**Task objective**
Type the data below again exactly. Omit all pictures.

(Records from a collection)
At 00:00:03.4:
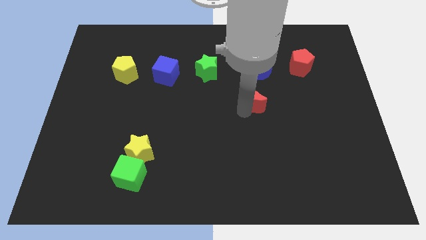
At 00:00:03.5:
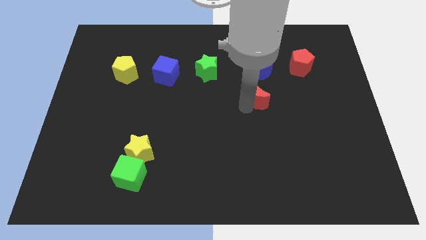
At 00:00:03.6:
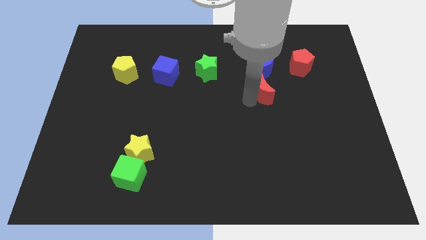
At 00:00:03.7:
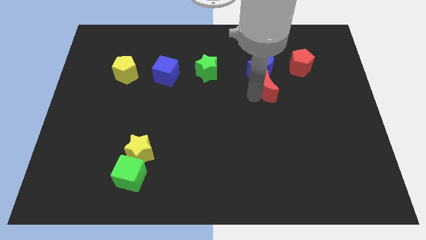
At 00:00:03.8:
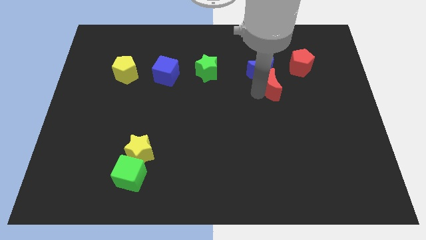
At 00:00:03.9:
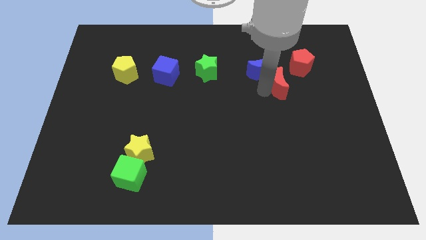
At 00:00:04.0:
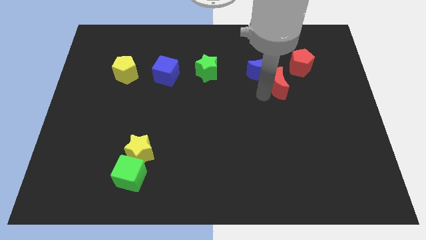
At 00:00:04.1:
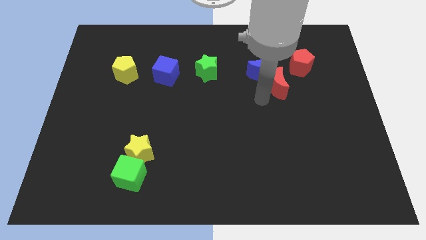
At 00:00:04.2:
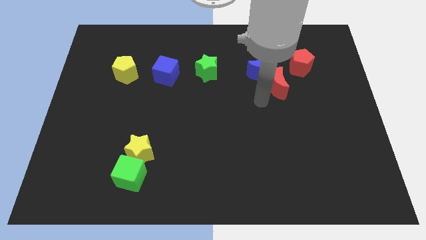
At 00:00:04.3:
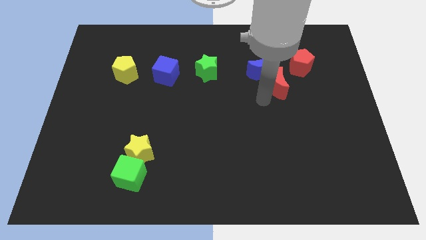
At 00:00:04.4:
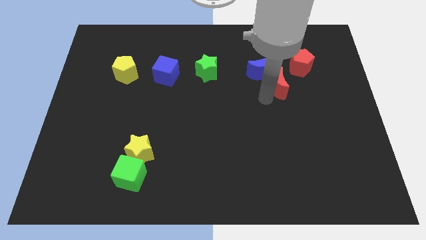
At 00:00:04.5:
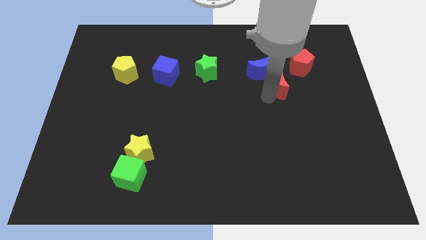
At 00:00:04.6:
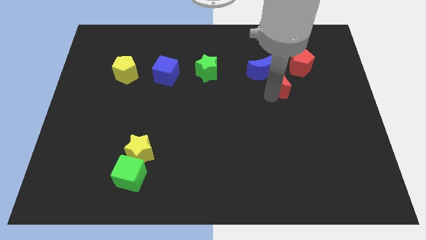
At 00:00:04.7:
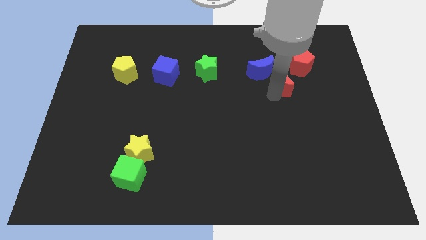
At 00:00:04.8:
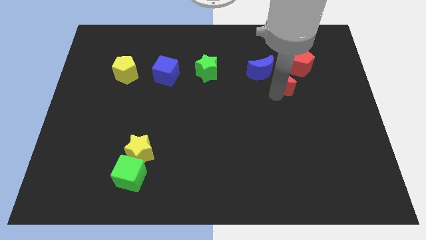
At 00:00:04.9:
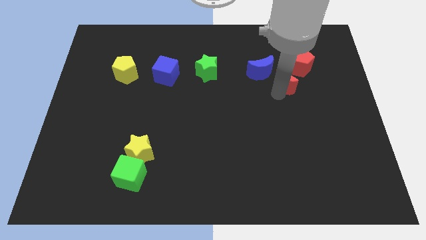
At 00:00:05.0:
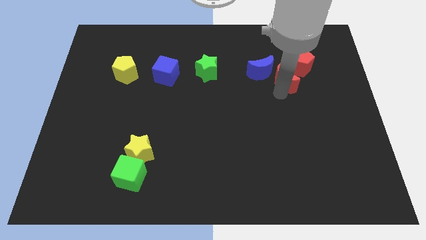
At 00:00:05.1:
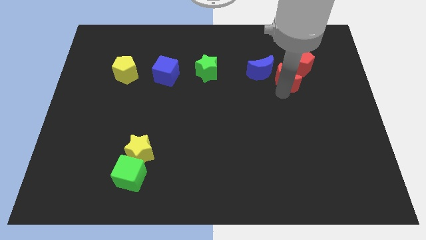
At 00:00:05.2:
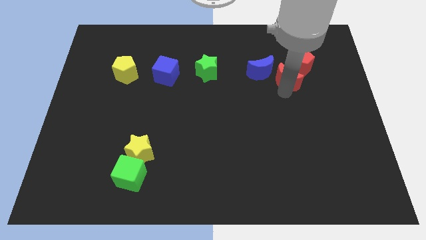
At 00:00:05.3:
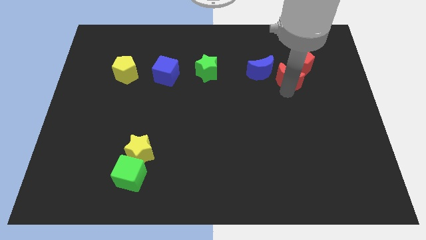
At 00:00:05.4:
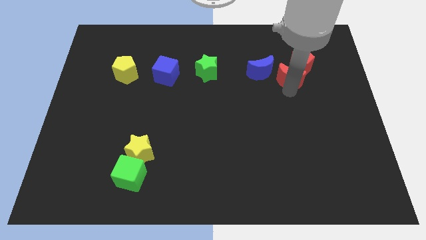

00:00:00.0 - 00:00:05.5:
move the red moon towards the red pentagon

**Response to the exercise**
At 00:00:03.4:
At 00:00:03.5:
At 00:00:03.6:
At 00:00:03.7:
At 00:00:03.8:
At 00:00:03.9:
At 00:00:04.0:
At 00:00:04.1:
At 00:00:04.2:
At 00:00:04.3:
At 00:00:04.4:
At 00:00:04.5:
At 00:00:04.6:
At 00:00:04.7:
At 00:00:04.8:
At 00:00:04.9:
At 00:00:05.0:
At 00:00:05.1:
At 00:00:05.2:
At 00:00:05.3:
At 00:00:05.4:

00:00:00.0 - 00:00:05.5:
move the red moon towards the red pentagon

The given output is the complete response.